In (g), the inclination angle of the laser light is 45 degrees (the gap between the cloths is 0. 0).
045 mm). In addition, since the irradiation angle of the laser beam to the cloths 11 is changed by using the laser irradiation angle changing means 72 as described above, for example, the cloths 11 and 1 are changed.
The inclination angle of the laser light emitted from the laser head 55 to the cloths 11 can be changed according to the various cutting conditions.

[0028]

According to the first and third aspects of the present invention, each of the plurality of cut materials is irradiated with laser light obliquely to cut each cut material. A slight gap is formed between the fusing chips, and as a result, fusion of the respective fusing chips can be prevented.
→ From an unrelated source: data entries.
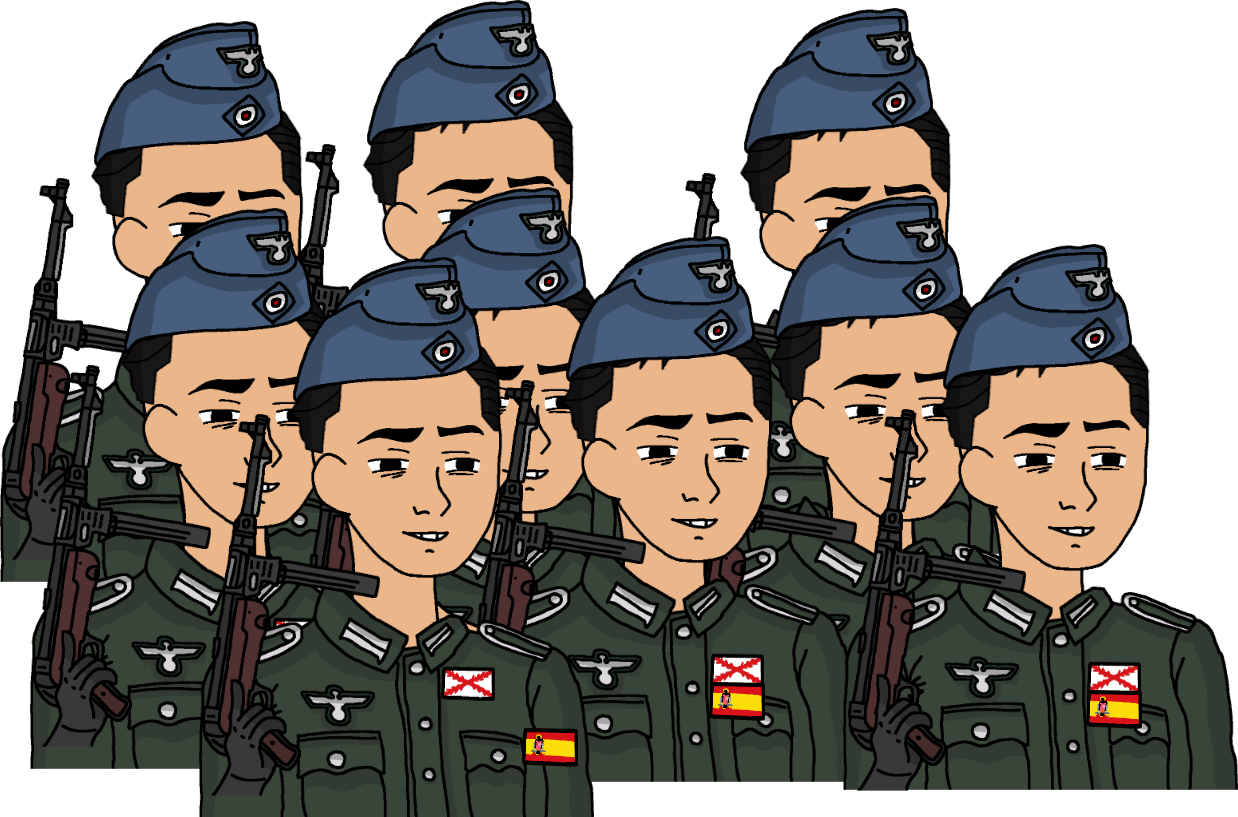
Label: 5_Twinkjak
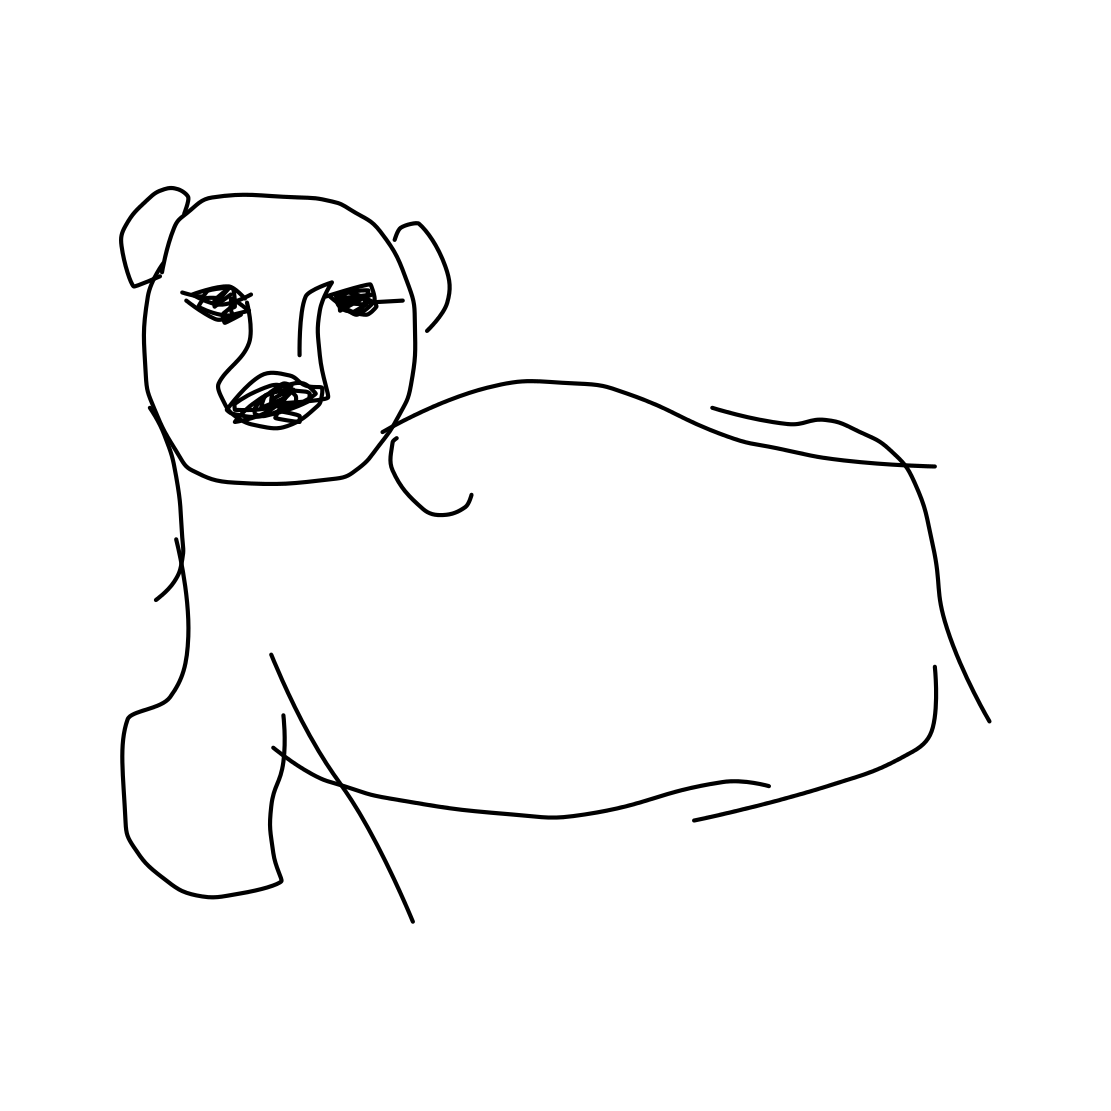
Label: panda
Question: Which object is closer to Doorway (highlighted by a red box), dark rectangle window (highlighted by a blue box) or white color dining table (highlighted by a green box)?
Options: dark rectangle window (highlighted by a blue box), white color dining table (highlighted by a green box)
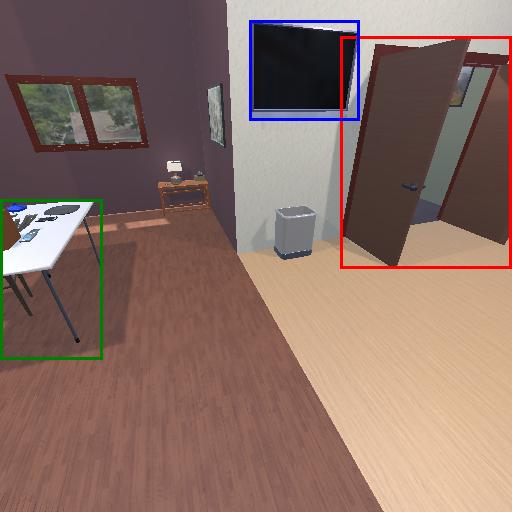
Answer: dark rectangle window (highlighted by a blue box)
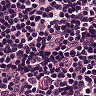
Metastatic tissue present: no
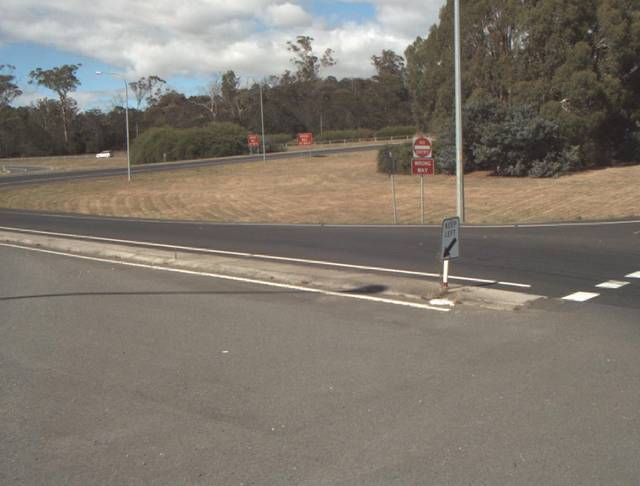
Region: Australia
Coordinates: -41.484, 147.152
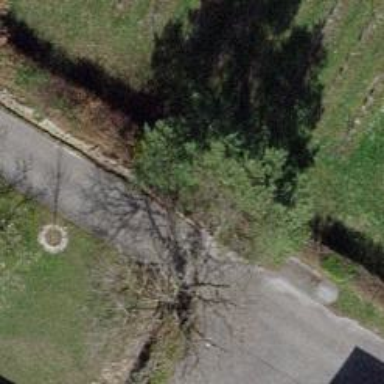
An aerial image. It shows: Needle-leaved tree in natural setting.
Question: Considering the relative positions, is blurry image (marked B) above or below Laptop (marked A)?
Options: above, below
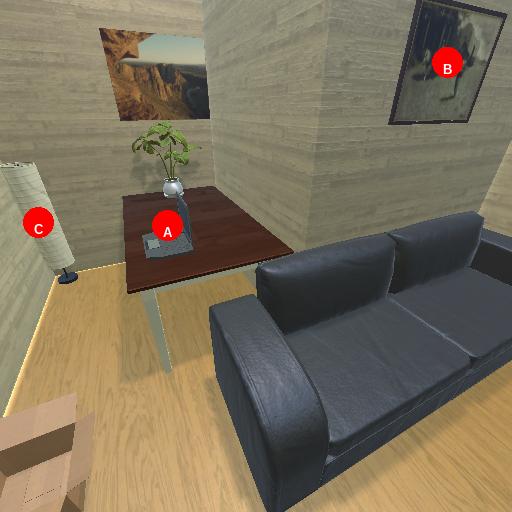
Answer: above
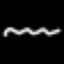
Label: squiggle
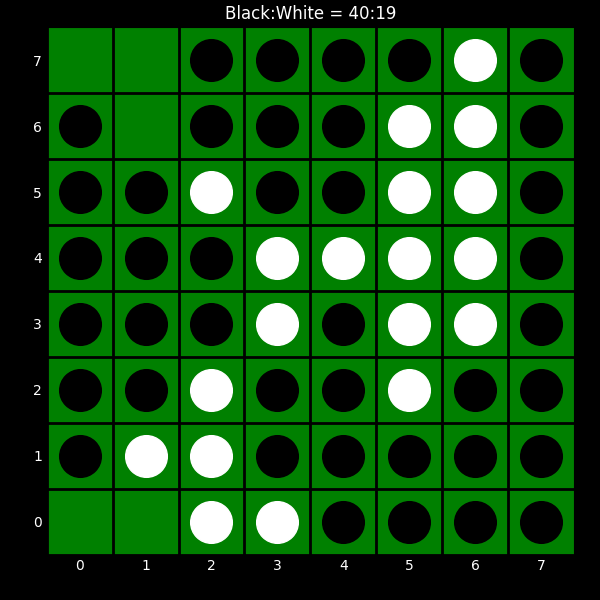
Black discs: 40
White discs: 19
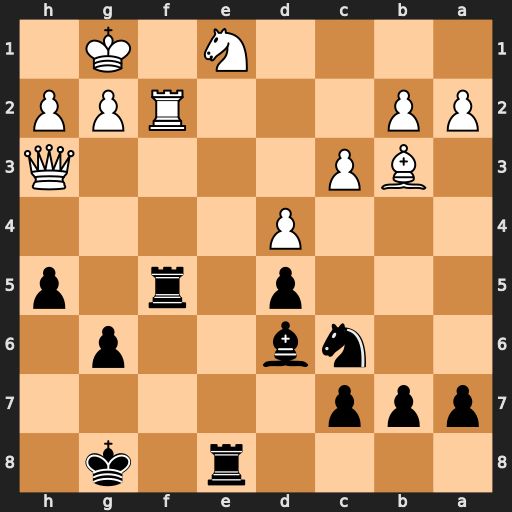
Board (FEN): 4r1k1/ppp5/2nb2p1/3p1r1p/3P4/1BP4Q/PP3RPP/4N1K1
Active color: b
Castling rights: -
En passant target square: -
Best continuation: Rxe1+ Rf1 Rexf1#
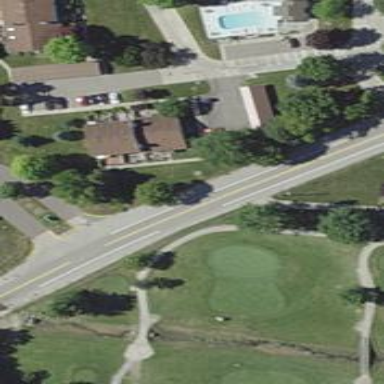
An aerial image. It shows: Service road used as golf cart path.
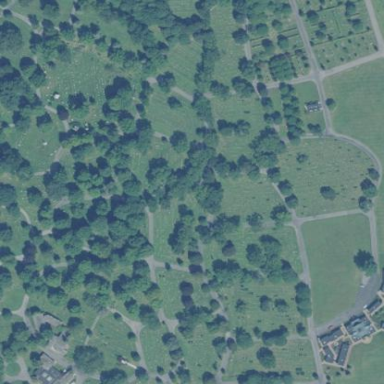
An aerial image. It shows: Cemetery.
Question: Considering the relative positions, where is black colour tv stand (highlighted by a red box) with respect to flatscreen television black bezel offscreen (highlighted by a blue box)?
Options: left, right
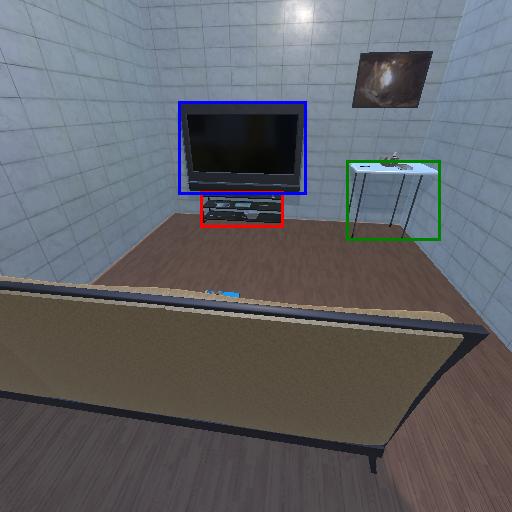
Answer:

In particular, according to the fifth aspect of the present invention, the laser irradiation angle with respect to the cut material can be changed using the laser irradiation angle changing means, so that the cutting condition of the cut material can be changed. The inclination angle of the laser light emitted from the laser head to the cut material can be changed.

[Brief description of the drawings]

FIG. 1 is an enlarged sectional view of a main part of a laser irradiation mechanism of a laser cutting machine according to one embodiment of the present invention.

FIG. 2 is a plan view showing a laser cutter according to one embodiment of the present invention.

FIG. 3 is a side view showing a laser cutter according to one embodiment of the present invention.

FIG. 4 is an enlarged vertical sectional view of a main part of a laser head of a laser cutting machine according to one embodiment of the present invention.

FIG. 5 is a sectional view taken along line S5-S5 of FIG. 4;

FIG. 6 is an explanatory diagram for comparing a cutting state of the conventional method and the method of the present invention at the time of overlapping cutting.

[Explanation of symbols]

 Reference Signs List 10 laser cutting machine, 11 cloth (material to be cut), 31 conveyor belt, 30 conveyor device, 40 laser irradiation mechanism, 55 laser head, 72 laser irradiation angle changing means.

Claims (5)

[Claims] 1. A laser beam is applied to a plurality of superposed cutting materials from an oblique direction that does not include a direction perpendicular to the surface of the cutting material in the uppermost layer to cut these cutting materials. Laser cutting method. 2. The method according to claim 1, wherein the inclination angle of the laser beam applied to the cut material is 20 degrees with respect to a direction orthogonal to the surface of the cut material.
The laser cutting method according to claim 1, wherein the angle is −45 degrees. 3. A conveyor device in which an endless conveyor belt on which a plurality of cut materials cut by a laser beam are stacked is operable along the longitudinal direction thereof, and is disposed above the conveyor belt. Laser having a laser head for irradiating a laser to the cut material, and a laser irradiation mechanism for cutting a plurality of cut materials on the conveyor band by the laser light irradiated from the laser head. In the cutting machine, the laser beam emitted from the laser head is irradiated in an oblique direction not including a direction perpendicular to the surface of the cut material in the uppermost layer with respect to the superposed cut material. Machine. 4. The laser cutting device according to claim 3, wherein an inclination angle of a laser beam applied to the cutting material from the laser head is 20 to 45 degrees with respect to a direction orthogonal to a surface of the cutting material. Machine. 5. The laser cutting machine according to claim 3, wherein said laser head is provided with a laser irradiation angle changing means for changing an irradiation angle of a laser beam.